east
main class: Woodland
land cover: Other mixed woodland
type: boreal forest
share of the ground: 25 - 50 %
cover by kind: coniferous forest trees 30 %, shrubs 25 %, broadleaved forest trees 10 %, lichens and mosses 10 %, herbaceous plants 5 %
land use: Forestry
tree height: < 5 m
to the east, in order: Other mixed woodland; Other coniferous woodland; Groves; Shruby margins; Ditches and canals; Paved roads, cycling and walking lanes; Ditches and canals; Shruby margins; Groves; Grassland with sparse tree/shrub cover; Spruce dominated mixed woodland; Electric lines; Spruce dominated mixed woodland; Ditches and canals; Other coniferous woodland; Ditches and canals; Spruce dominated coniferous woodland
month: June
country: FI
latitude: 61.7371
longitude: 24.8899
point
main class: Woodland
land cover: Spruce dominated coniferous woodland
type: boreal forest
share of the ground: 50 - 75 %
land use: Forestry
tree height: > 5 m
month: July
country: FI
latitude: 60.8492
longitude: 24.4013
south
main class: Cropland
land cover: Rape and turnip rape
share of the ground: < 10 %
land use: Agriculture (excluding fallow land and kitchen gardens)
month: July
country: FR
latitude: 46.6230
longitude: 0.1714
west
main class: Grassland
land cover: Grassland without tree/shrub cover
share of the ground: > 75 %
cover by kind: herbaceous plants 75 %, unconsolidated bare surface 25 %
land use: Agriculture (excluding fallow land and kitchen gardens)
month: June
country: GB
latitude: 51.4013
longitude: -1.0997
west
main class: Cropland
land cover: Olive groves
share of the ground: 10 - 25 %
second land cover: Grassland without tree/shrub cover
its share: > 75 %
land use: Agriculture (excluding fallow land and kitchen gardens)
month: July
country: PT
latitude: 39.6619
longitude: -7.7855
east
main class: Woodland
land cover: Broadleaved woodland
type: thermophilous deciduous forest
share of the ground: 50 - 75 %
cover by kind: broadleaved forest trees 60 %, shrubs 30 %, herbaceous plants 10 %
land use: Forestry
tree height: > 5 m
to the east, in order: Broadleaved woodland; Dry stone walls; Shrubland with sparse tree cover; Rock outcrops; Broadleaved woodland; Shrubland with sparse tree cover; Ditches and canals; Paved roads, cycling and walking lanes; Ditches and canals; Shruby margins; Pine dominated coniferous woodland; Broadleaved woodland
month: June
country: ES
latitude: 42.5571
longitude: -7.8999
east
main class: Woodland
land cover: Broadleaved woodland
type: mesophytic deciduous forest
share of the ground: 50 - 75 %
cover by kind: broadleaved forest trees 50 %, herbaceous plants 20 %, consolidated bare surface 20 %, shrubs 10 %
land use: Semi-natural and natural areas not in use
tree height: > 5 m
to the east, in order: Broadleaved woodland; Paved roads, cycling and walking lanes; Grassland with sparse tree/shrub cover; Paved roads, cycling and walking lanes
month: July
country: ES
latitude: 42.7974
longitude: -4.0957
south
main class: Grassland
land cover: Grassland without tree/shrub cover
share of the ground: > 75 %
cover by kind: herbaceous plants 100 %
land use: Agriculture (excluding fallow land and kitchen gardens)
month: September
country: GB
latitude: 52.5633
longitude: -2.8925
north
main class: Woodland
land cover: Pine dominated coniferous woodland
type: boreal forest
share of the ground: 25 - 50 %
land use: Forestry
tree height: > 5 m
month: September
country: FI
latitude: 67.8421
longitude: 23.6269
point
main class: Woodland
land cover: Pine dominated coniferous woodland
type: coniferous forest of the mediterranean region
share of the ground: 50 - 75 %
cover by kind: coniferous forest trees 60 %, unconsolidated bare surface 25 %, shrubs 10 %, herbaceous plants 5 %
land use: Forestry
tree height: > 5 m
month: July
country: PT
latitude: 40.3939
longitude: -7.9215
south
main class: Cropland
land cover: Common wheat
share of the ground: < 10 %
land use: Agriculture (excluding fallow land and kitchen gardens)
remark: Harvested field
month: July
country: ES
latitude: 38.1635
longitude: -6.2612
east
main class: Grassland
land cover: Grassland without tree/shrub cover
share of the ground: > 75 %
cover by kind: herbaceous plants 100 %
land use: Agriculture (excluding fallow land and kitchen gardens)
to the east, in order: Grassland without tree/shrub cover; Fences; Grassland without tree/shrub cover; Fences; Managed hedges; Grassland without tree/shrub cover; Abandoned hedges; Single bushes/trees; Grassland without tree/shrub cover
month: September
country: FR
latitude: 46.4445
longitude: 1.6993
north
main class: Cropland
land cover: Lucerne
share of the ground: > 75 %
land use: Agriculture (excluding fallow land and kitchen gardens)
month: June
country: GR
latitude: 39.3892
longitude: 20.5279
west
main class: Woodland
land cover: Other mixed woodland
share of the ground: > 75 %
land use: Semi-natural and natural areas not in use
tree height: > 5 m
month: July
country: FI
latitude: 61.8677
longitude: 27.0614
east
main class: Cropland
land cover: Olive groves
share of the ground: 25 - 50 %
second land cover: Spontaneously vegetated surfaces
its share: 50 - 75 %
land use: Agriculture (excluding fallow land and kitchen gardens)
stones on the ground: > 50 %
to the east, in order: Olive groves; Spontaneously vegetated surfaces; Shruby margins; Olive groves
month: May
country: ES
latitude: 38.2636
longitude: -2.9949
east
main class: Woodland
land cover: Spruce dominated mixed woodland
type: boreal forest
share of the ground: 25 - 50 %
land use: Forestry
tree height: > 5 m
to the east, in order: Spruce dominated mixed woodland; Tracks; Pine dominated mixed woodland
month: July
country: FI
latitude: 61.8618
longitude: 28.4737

....

| Your objective |
The complete listing, from first line to last, should be copied verbatim.

| Worked solution |
east
main class: Woodland
land cover: Other mixed woodland
type: boreal forest
share of the ground: 25 - 50 %
cover by kind: coniferous forest trees 30 %, shrubs 25 %, broadleaved forest trees 10 %, lichens and mosses 10 %, herbaceous plants 5 %
land use: Forestry
tree height: < 5 m
to the east, in order: Other mixed woodland; Other coniferous woodland; Groves; Shruby margins; Ditches and canals; Paved roads, cycling and walking lanes; Ditches and canals; Shruby margins; Groves; Grassland with sparse tree/shrub cover; Spruce dominated mixed woodland; Electric lines; Spruce dominated mixed woodland; Ditches and canals; Other coniferous woodland; Ditches and canals; Spruce dominated coniferous woodland
month: June
country: FI
latitude: 61.7371
longitude: 24.8899
point
main class: Woodland
land cover: Spruce dominated coniferous woodland
type: boreal forest
share of the ground: 50 - 75 %
land use: Forestry
tree height: > 5 m
month: July
country: FI
latitude: 60.8492
longitude: 24.4013
south
main class: Cropland
land cover: Rape and turnip rape
share of the ground: < 10 %
land use: Agriculture (excluding fallow land and kitchen gardens)
month: July
country: FR
latitude: 46.6230
longitude: 0.1714
west
main class: Grassland
land cover: Grassland without tree/shrub cover
share of the ground: > 75 %
cover by kind: herbaceous plants 75 %, unconsolidated bare surface 25 %
land use: Agriculture (excluding fallow land and kitchen gardens)
month: June
country: GB
latitude: 51.4013
longitude: -1.0997
west
main class: Cropland
land cover: Olive groves
share of the ground: 10 - 25 %
second land cover: Grassland without tree/shrub cover
its share: > 75 %
land use: Agriculture (excluding fallow land and kitchen gardens)
month: July
country: PT
latitude: 39.6619
longitude: -7.7855
east
main class: Woodland
land cover: Broadleaved woodland
type: thermophilous deciduous forest
share of the ground: 50 - 75 %
cover by kind: broadleaved forest trees 60 %, shrubs 30 %, herbaceous plants 10 %
land use: Forestry
tree height: > 5 m
to the east, in order: Broadleaved woodland; Dry stone walls; Shrubland with sparse tree cover; Rock outcrops; Broadleaved woodland; Shrubland with sparse tree cover; Ditches and canals; Paved roads, cycling and walking lanes; Ditches and canals; Shruby margins; Pine dominated coniferous woodland; Broadleaved woodland
month: June
country: ES
latitude: 42.5571
longitude: -7.8999
east
main class: Woodland
land cover: Broadleaved woodland
type: mesophytic deciduous forest
share of the ground: 50 - 75 %
cover by kind: broadleaved forest trees 50 %, herbaceous plants 20 %, consolidated bare surface 20 %, shrubs 10 %
land use: Semi-natural and natural areas not in use
tree height: > 5 m
to the east, in order: Broadleaved woodland; Paved roads, cycling and walking lanes; Grassland with sparse tree/shrub cover; Paved roads, cycling and walking lanes
month: July
country: ES
latitude: 42.7974
longitude: -4.0957
south
main class: Grassland
land cover: Grassland without tree/shrub cover
share of the ground: > 75 %
cover by kind: herbaceous plants 100 %
land use: Agriculture (excluding fallow land and kitchen gardens)
month: September
country: GB
latitude: 52.5633
longitude: -2.8925
north
main class: Woodland
land cover: Pine dominated coniferous woodland
type: boreal forest
share of the ground: 25 - 50 %
land use: Forestry
tree height: > 5 m
month: September
country: FI
latitude: 67.8421
longitude: 23.6269
point
main class: Woodland
land cover: Pine dominated coniferous woodland
type: coniferous forest of the mediterranean region
share of the ground: 50 - 75 %
cover by kind: coniferous forest trees 60 %, unconsolidated bare surface 25 %, shrubs 10 %, herbaceous plants 5 %
land use: Forestry
tree height: > 5 m
month: July
country: PT
latitude: 40.3939
longitude: -7.9215
south
main class: Cropland
land cover: Common wheat
share of the ground: < 10 %
land use: Agriculture (excluding fallow land and kitchen gardens)
remark: Harvested field
month: July
country: ES
latitude: 38.1635
longitude: -6.2612
east
main class: Grassland
land cover: Grassland without tree/shrub cover
share of the ground: > 75 %
cover by kind: herbaceous plants 100 %
land use: Agriculture (excluding fallow land and kitchen gardens)
to the east, in order: Grassland without tree/shrub cover; Fences; Grassland without tree/shrub cover; Fences; Managed hedges; Grassland without tree/shrub cover; Abandoned hedges; Single bushes/trees; Grassland without tree/shrub cover
month: September
country: FR
latitude: 46.4445
longitude: 1.6993
north
main class: Cropland
land cover: Lucerne
share of the ground: > 75 %
land use: Agriculture (excluding fallow land and kitchen gardens)
month: June
country: GR
latitude: 39.3892
longitude: 20.5279
west
main class: Woodland
land cover: Other mixed woodland
share of the ground: > 75 %
land use: Semi-natural and natural areas not in use
tree height: > 5 m
month: July
country: FI
latitude: 61.8677
longitude: 27.0614
east
main class: Cropland
land cover: Olive groves
share of the ground: 25 - 50 %
second land cover: Spontaneously vegetated surfaces
its share: 50 - 75 %
land use: Agriculture (excluding fallow land and kitchen gardens)
stones on the ground: > 50 %
to the east, in order: Olive groves; Spontaneously vegetated surfaces; Shruby margins; Olive groves
month: May
country: ES
latitude: 38.2636
longitude: -2.9949
east
main class: Woodland
land cover: Spruce dominated mixed woodland
type: boreal forest
share of the ground: 25 - 50 %
land use: Forestry
tree height: > 5 m
to the east, in order: Spruce dominated mixed woodland; Tracks; Pine dominated mixed woodland
month: July
country: FI
latitude: 61.8618
longitude: 28.4737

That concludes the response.